All the data below goes into the copy word for word, but the pictures don't.

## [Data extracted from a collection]

▼

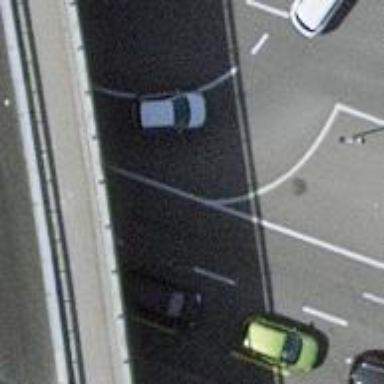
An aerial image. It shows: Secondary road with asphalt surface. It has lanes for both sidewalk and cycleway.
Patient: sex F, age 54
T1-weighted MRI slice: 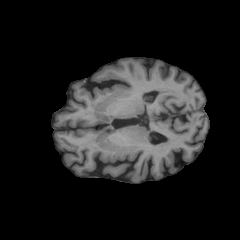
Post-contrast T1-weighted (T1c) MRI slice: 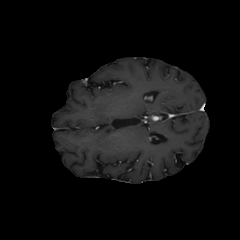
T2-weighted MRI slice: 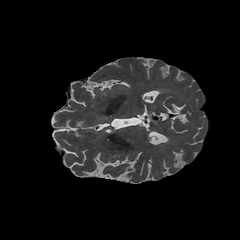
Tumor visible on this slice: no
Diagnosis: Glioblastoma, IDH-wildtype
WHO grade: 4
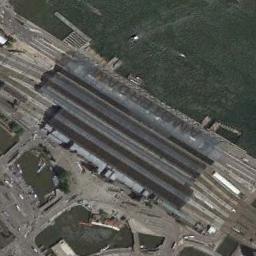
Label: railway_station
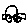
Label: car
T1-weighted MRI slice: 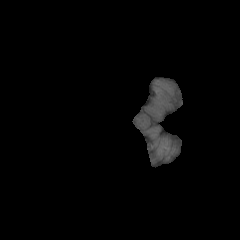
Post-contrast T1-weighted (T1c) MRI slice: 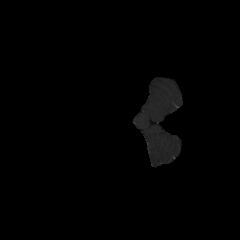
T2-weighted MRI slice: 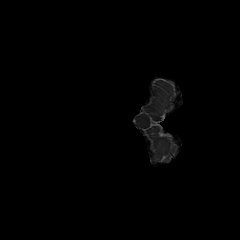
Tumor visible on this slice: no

▲

## [Task result]
An aerial image. It shows: Secondary road with asphalt surface. It has lanes for both sidewalk and cycleway.
Patient: sex F, age 54
T1-weighted MRI slice: 
Post-contrast T1-weighted (T1c) MRI slice: 
T2-weighted MRI slice: 
Tumor visible on this slice: no
Diagnosis: Glioblastoma, IDH-wildtype
WHO grade: 4
Label: railway_station
Label: car
T1-weighted MRI slice: 
Post-contrast T1-weighted (T1c) MRI slice: 
T2-weighted MRI slice: 
Tumor visible on this slice: no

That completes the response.